- **EXERCISE**
Each record below should be output verbatim, without pictures.

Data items
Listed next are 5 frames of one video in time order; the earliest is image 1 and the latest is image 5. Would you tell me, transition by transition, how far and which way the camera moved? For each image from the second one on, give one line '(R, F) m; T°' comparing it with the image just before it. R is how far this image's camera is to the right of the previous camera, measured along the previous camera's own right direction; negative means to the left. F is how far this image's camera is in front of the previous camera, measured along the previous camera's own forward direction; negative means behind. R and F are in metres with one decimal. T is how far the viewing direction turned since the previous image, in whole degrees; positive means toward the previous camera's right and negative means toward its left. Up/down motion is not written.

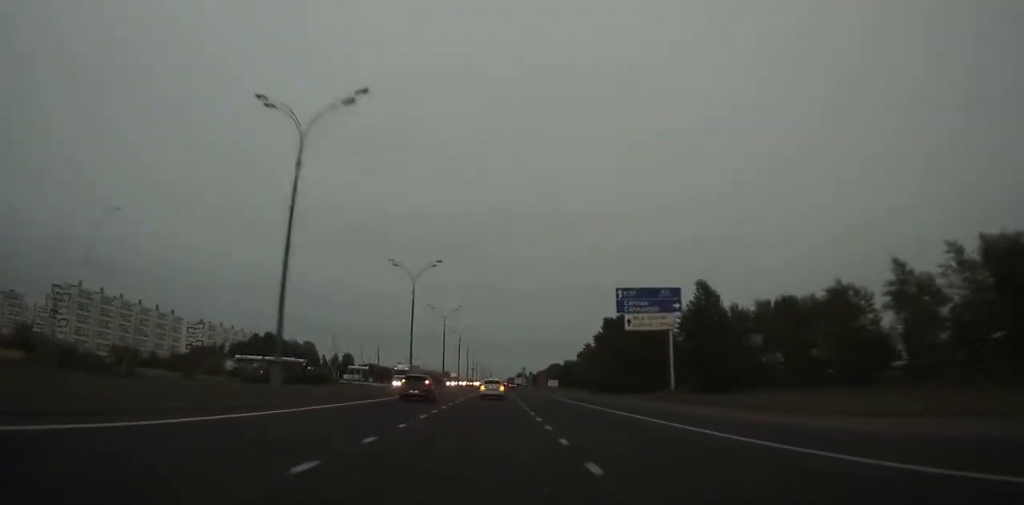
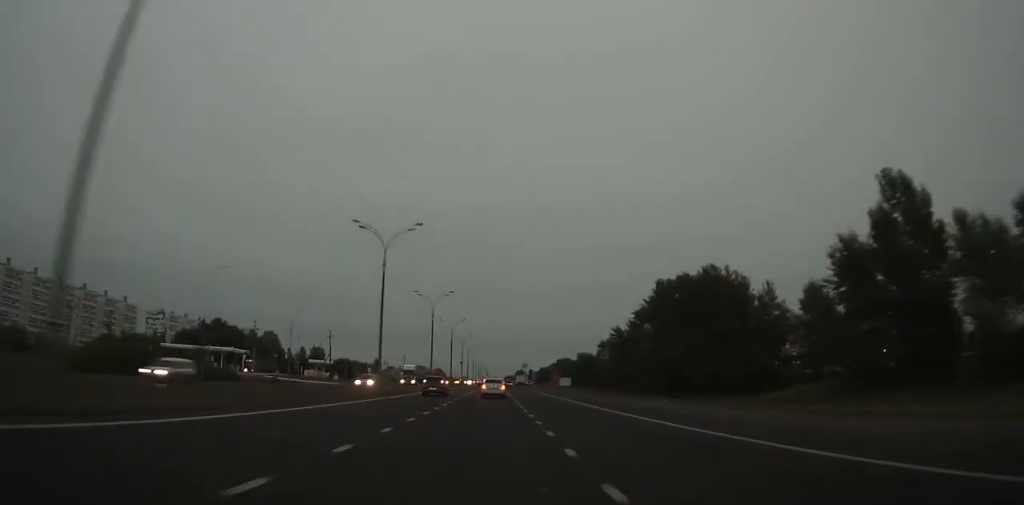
(+0.1, +48.0) m; 0°
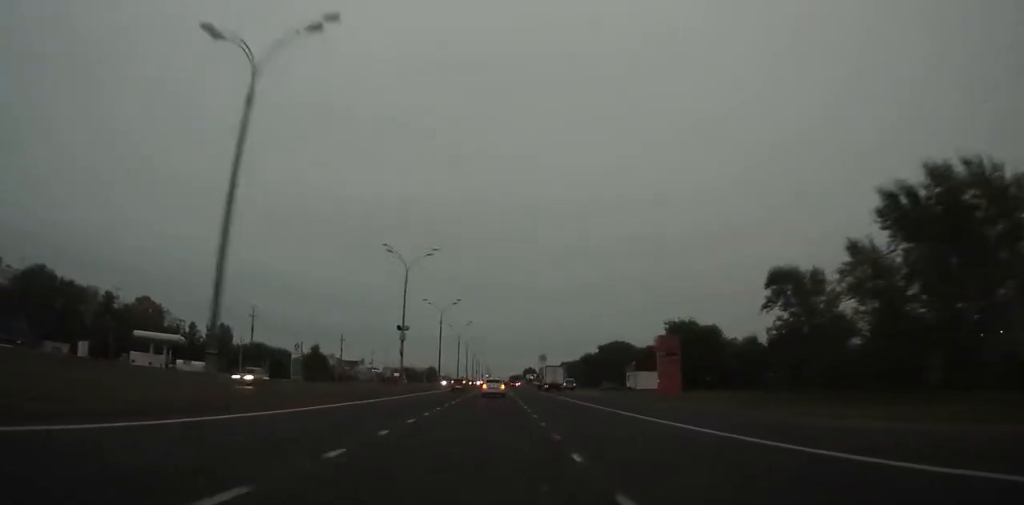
(-0.1, +95.8) m; 0°
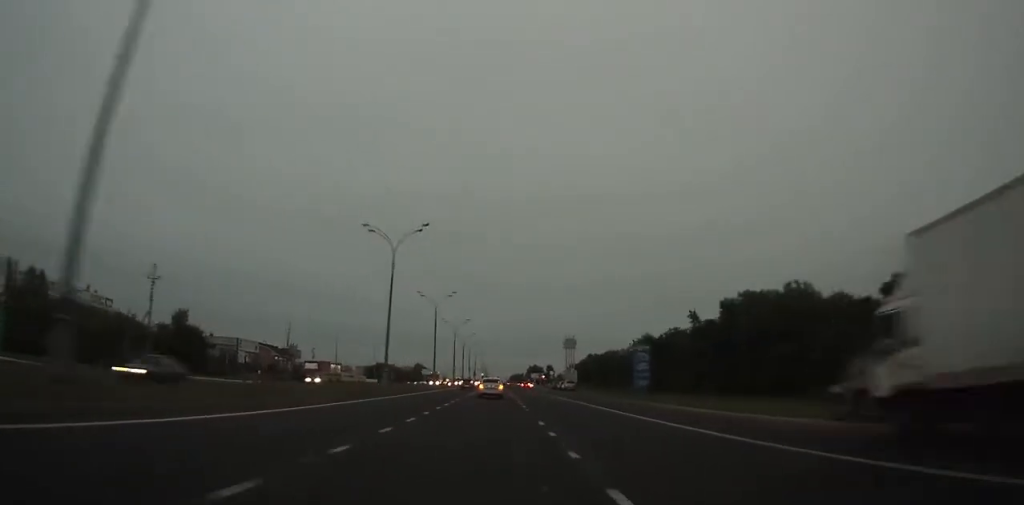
(-0.1, +74.4) m; 0°
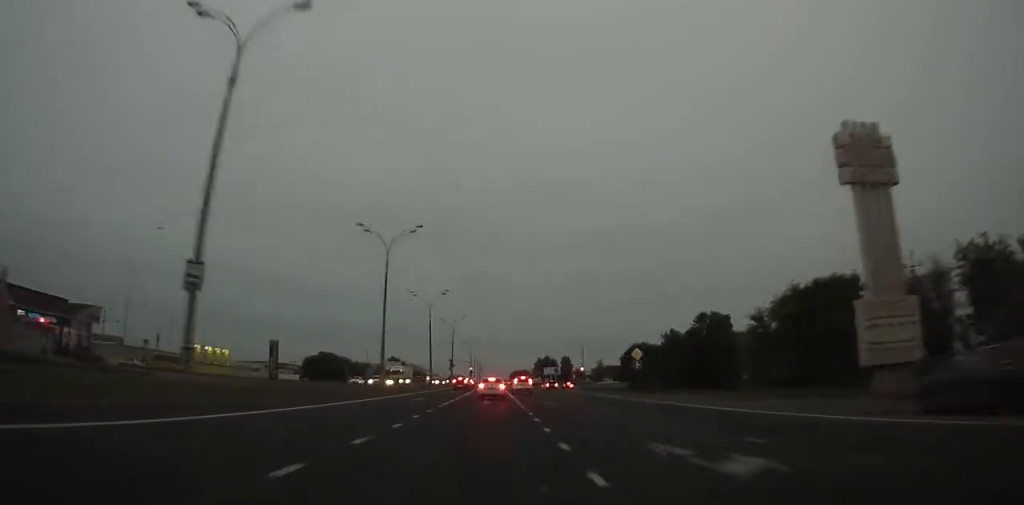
(+0.1, +99.1) m; 0°
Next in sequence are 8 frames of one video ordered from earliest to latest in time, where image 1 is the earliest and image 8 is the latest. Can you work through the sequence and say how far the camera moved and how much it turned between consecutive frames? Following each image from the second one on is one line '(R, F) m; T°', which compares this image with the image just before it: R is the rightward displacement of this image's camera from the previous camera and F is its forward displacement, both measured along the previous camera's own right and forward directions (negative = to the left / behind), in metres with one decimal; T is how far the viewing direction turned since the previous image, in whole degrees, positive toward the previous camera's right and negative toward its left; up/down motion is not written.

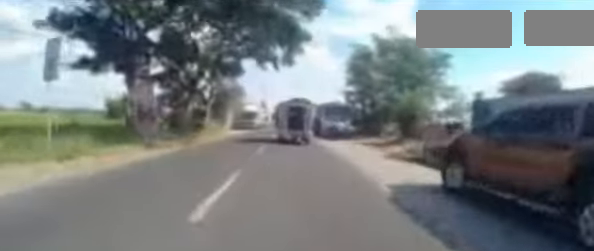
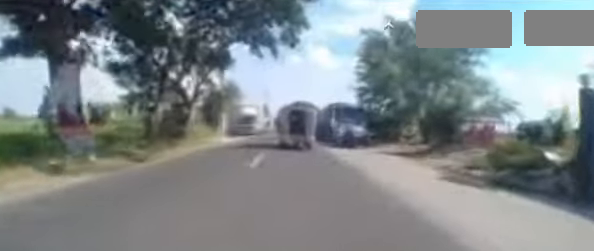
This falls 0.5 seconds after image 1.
(0.0, +4.8) m; 0°
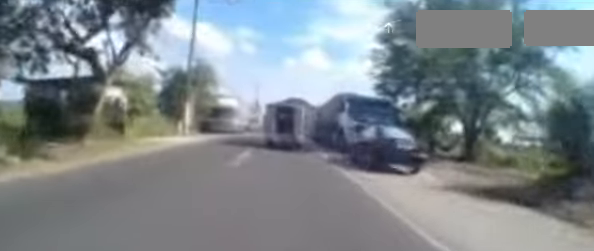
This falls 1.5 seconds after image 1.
(0.0, +8.9) m; 0°
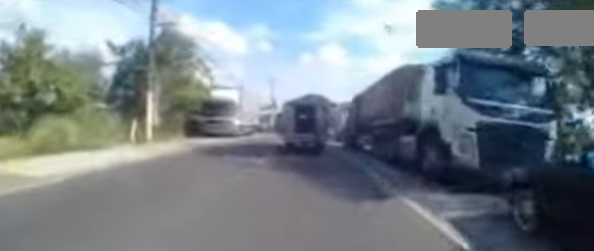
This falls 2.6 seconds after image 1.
(0.0, +9.4) m; 0°
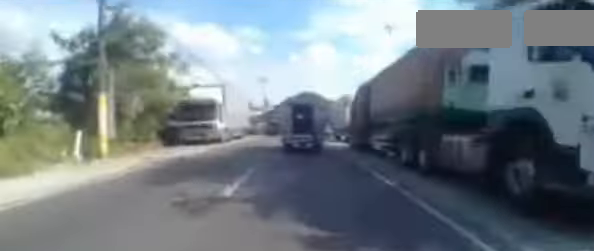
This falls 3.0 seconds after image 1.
(0.0, +3.5) m; 0°
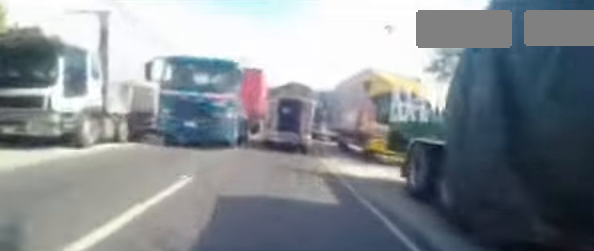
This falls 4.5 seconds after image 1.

- **OUTPUT OF THE EXERCISE**
Listed next are 5 frames of one video in time order; the earliest is image 1 and the latest is image 5. Would you tell me, transition by transition, how far and which way the camera moved? For each image from the second one on, give one line '(R, F) m; T°' comparing it with the image just before it. R is how far this image's camera is to the right of the previous camera, measured along the previous camera's own right direction; negative means to the left. F is how far this image's camera is in front of the previous camera, measured along the previous camera's own forward direction; negative means behind. R and F are in metres with one decimal. T is how far the viewing direction turned since the previous image, in whole degrees; positive means toward the previous camera's right and negative means toward its left. Up/down motion is not written.

(+0.1, +48.0) m; 0°
(-0.1, +95.8) m; 0°
(-0.1, +74.4) m; 0°
(+0.1, +99.1) m; 0°
Next in sequence are 8 frames of one video ordered from earliest to latest in time, where image 1 is the earliest and image 8 is the latest. Can you work through the sequence and say how far the camera moved and how much it turned between consecutive frames? Following each image from the second one on is one line '(R, F) m; T°', which compares this image with the image just before it: R is the rightward displacement of this image's camera from the previous camera and F is its forward displacement, both measured along the previous camera's own right and forward directions (negative = to the left / behind), in metres with one decimal; T is how far the viewing direction turned since the previous image, in whole degrees, positive toward the previous camera's right and negative toward its left; up/down motion is not written.

This falls 0.5 seconds after image 1.
(0.0, +4.8) m; 0°
This falls 1.5 seconds after image 1.
(0.0, +8.9) m; 0°
This falls 2.6 seconds after image 1.
(0.0, +9.4) m; 0°
This falls 3.0 seconds after image 1.
(0.0, +3.5) m; 0°
This falls 4.5 seconds after image 1.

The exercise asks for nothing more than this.